WinDbg* WinDbg is available in the Windows 10 SDK. If Visual Studio 2019 is present, it can also be installed through that.
https://docs.microsoft.com/en-us/windows-hardware/drivers/debugger/debugger-download-tools
https://docs.microsoft.com/en-us/windows-hardware/drivers/debugger/opening-a-crash-dump-file-using-windbg
https://docs.microsoft.com/en-us/windows-hardware/drivers/debugger/calls-window
Conclusion
While we had been able to reproduce we tested the form via a process of elimination (yes, brute force), removing and moving controls around to see if it had any effect. We were able to determine that the problem was most evident if there were initial tabs visible on first load that contained one or more form controls (i.e. non-empty and non-grid). It didn't seem to be any type of control in particular that caused the problem. Any series of basic form controls would do it. With this in mind, we could think in terms of mitigation and providing the customer with a workaround while this Chrome issue was in play, by delaying the visibility of tab contents until after the greater browser window had completed it's layout activity. The hope was that by staggering the presentation of parts of the window, that the renderer would have a simpler time of it and we would reduce the amount of IPC generated.
Other Things
These are some other things we tried which didn't lead anywhere, but maybe useful when pursuing future issues:
The customer had complained that the issue also occurred on Edge (which initially discouraged thoughts that it could be a Chrome problem, until someone here mentioned that Edge is now built on Chromium🙄)
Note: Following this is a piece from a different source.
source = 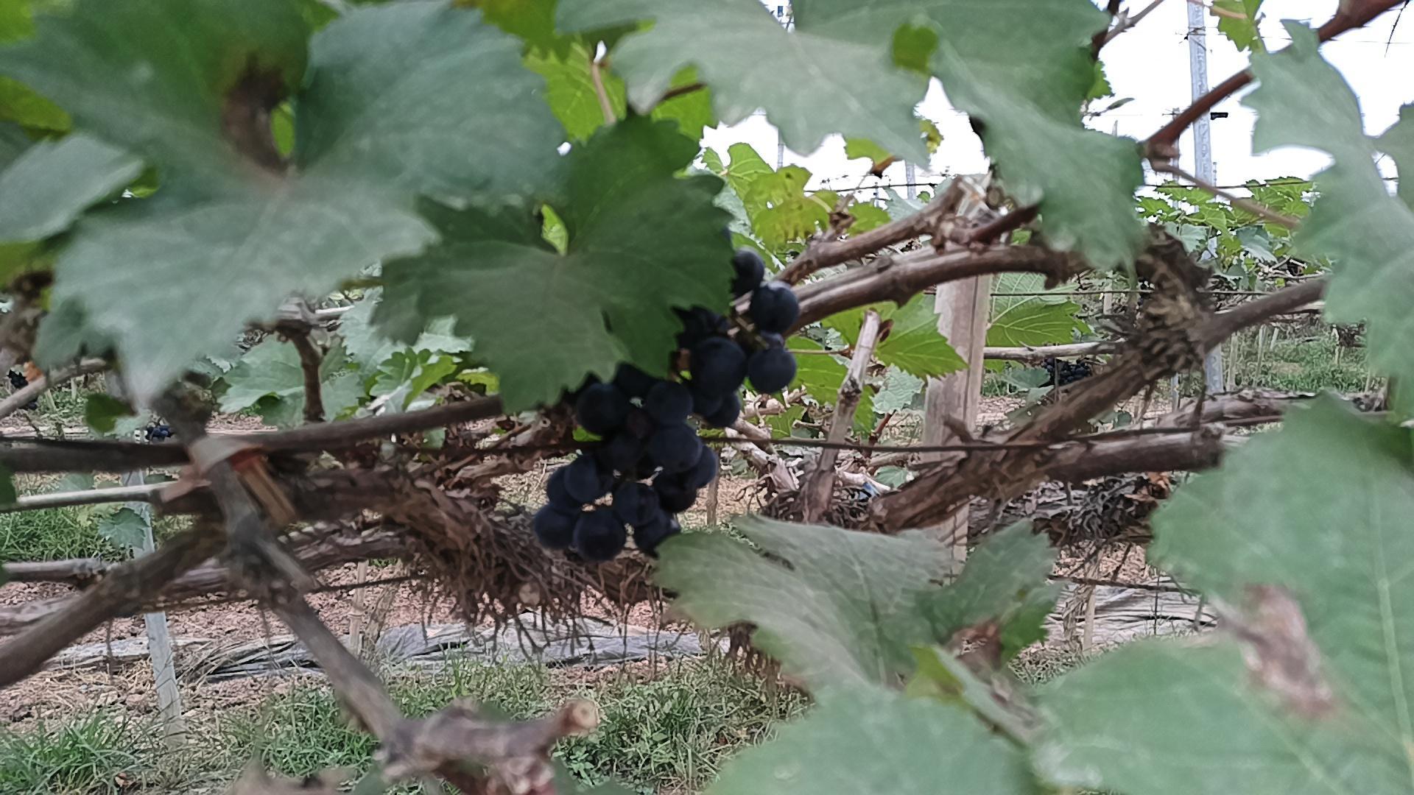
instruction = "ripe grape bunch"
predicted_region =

When we started to suspect that processing around accessibility was at fault, we wanted to see if running without it made any difference for the customer. This is possible to do from chrome://accessibility/ and/or running Chrome with the command line flag, --disable-renderer-accessibility. I believed this required all chrome processes to be restarted and also wasn't going to be a solution for the customer. It was simply done in hopes of isolating where Chrome was having the problem.
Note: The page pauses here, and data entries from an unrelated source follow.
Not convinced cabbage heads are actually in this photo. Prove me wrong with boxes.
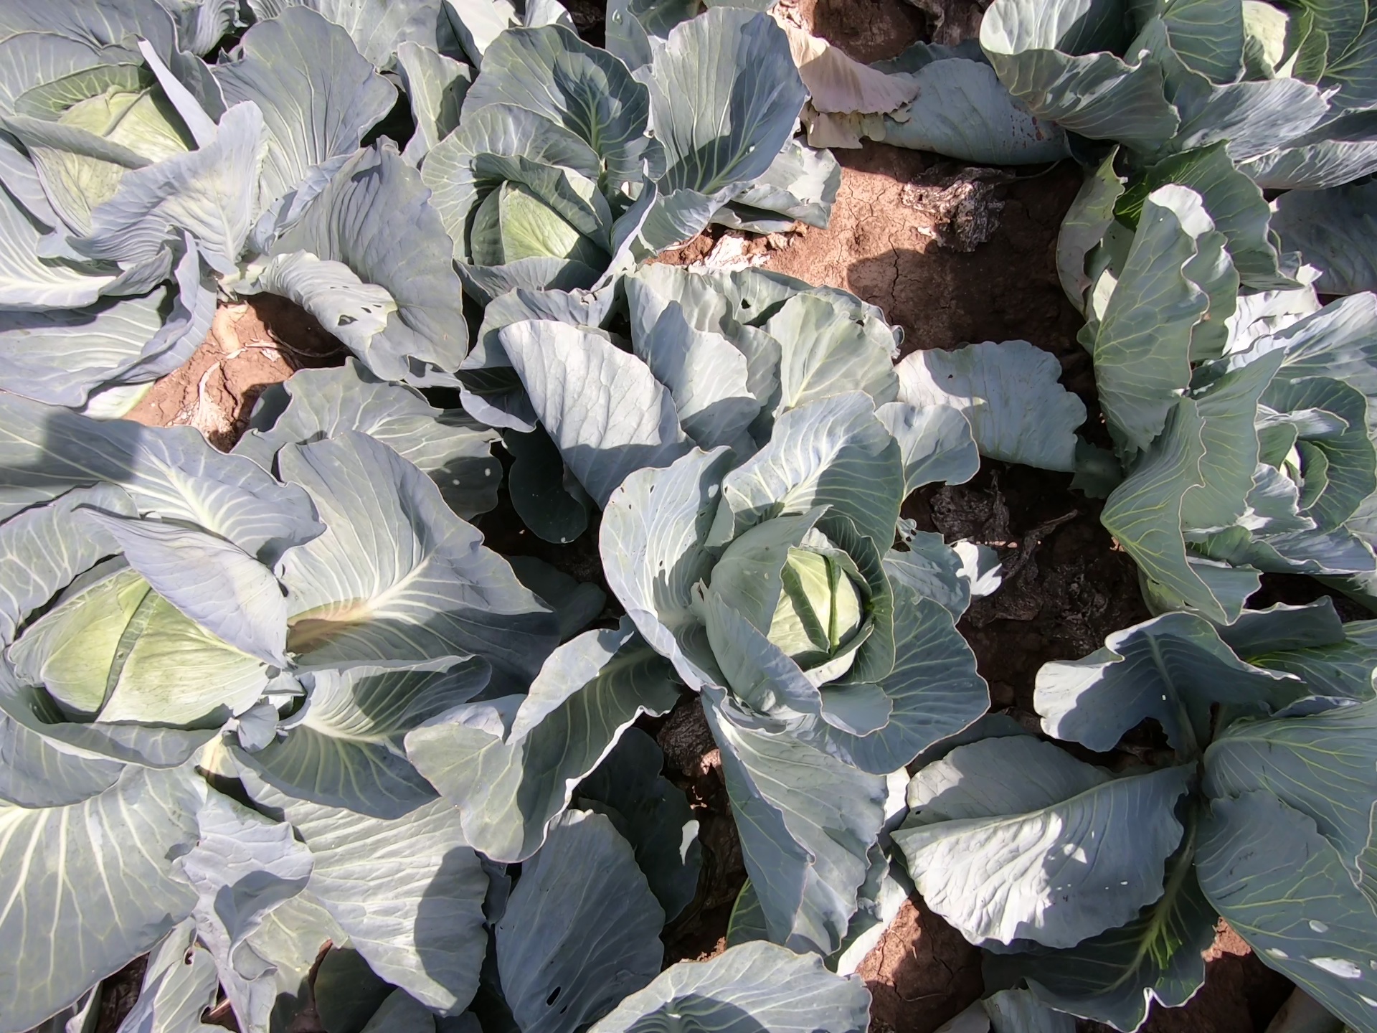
[33,537,290,739]
[1181,403,1305,524]
[711,519,865,691]
[34,82,231,250]
[1160,2,1317,115]
[473,165,616,306]

We tried Chrome's Incognito Mode to reproduce the problem. This would have given us an idea that perhaps the customer had a plugin or extension that was behind the problem
The customer sent through network activity logs initially (simply because they are used to these sorts of problems occurring) and HAR (http archive) files can be viewed easily at http://www.softwareishard.com/har/viewer/
We tried running Chrome with verbose logging enable. The customer was able to output the logs to a file, but it was easier to visualise them with Sawbuck in real-time as the problem was occurring (it showed that no logs were being output during the hang).